- Born: February 15, 1955 (age 71) Paddington, England, UK
- Height: 6 ft 1 in (185 cm)
- Weight: 190 lb (86 kg; 13 st 8 lb)
- Position: Defence
- Shot: Right
- Played for: Toronto Toros Birmingham Bulls
- NHL draft: 98th overall, 1975 Atlanta Flames
- WHA draft: 41st overall, 1975 Toronto Toros
- Playing career: 1975–1977

= Paul Heaver =

British-Canadian ice hockey player

Paul Gerhard Heaver (born February 15, 1955) is a British-Canadian former professional ice hockey player who played in the World Hockey Association (WHA).

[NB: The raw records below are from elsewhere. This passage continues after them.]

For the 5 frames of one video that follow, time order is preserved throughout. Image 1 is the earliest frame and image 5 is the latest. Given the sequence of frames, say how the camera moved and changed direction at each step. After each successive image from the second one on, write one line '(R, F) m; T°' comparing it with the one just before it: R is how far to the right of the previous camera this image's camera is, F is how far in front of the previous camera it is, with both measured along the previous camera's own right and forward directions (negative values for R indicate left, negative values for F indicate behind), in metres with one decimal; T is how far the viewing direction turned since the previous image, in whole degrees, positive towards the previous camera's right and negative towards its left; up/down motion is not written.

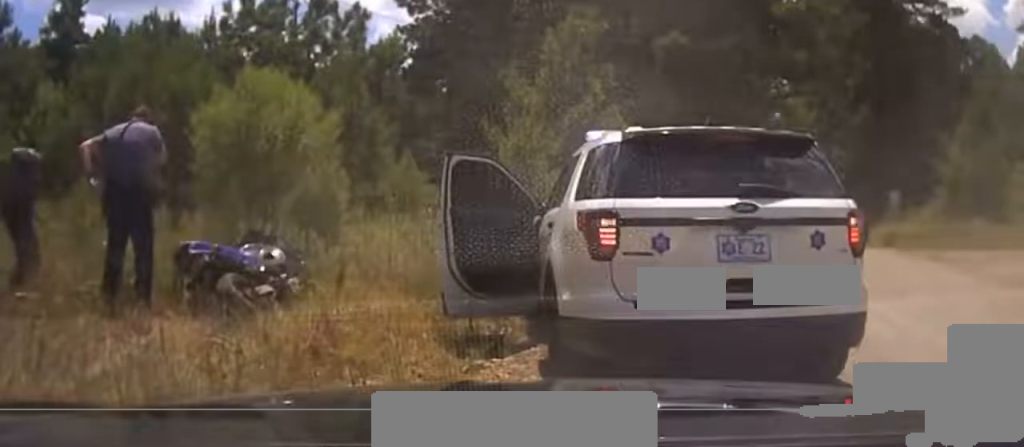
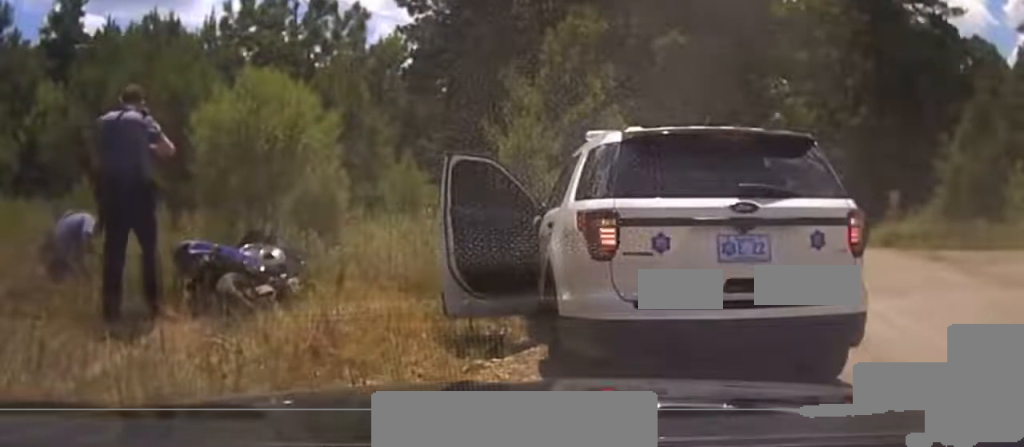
(0.0, +0.2) m; 0°
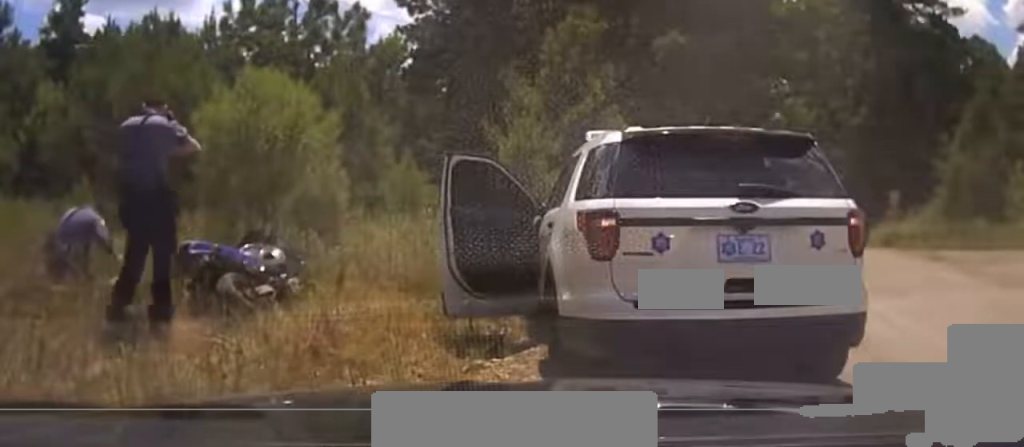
(0.0, 0.0) m; 0°
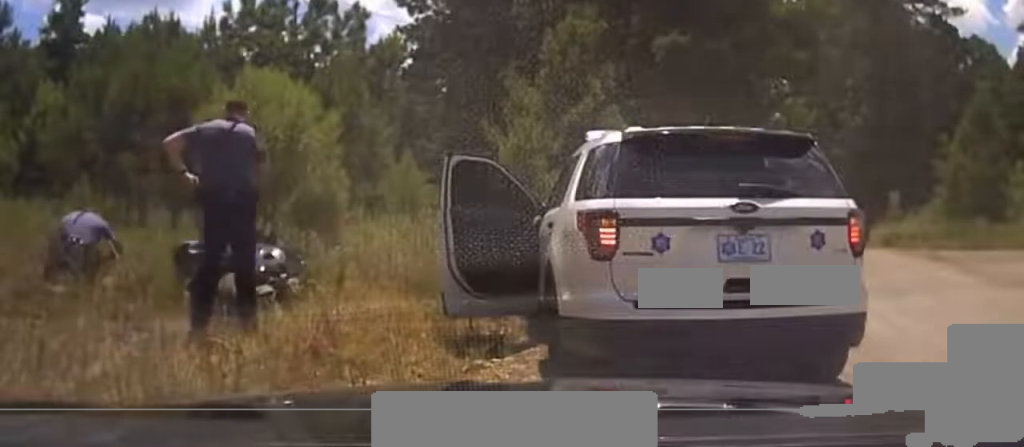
(0.0, +0.3) m; 0°
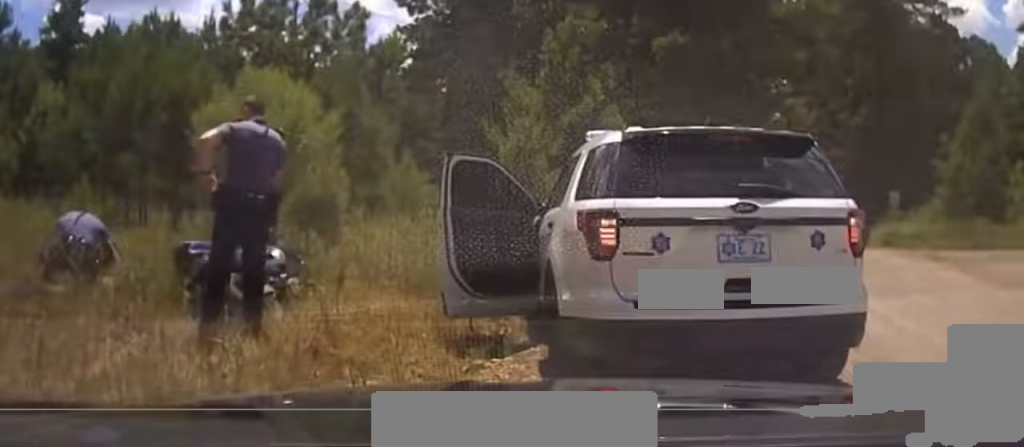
(0.0, 0.0) m; 0°

Drafted in the sixth round of the 1975 NHL Amateur Draft by the Atlanta Flames, Heaver opted to play in the WHA after being selected by the Toronto Toros in the third round of the 1975 WHA Amateur Draft. He played parts of two WHA seasons for the Toros and Birmingham Bulls.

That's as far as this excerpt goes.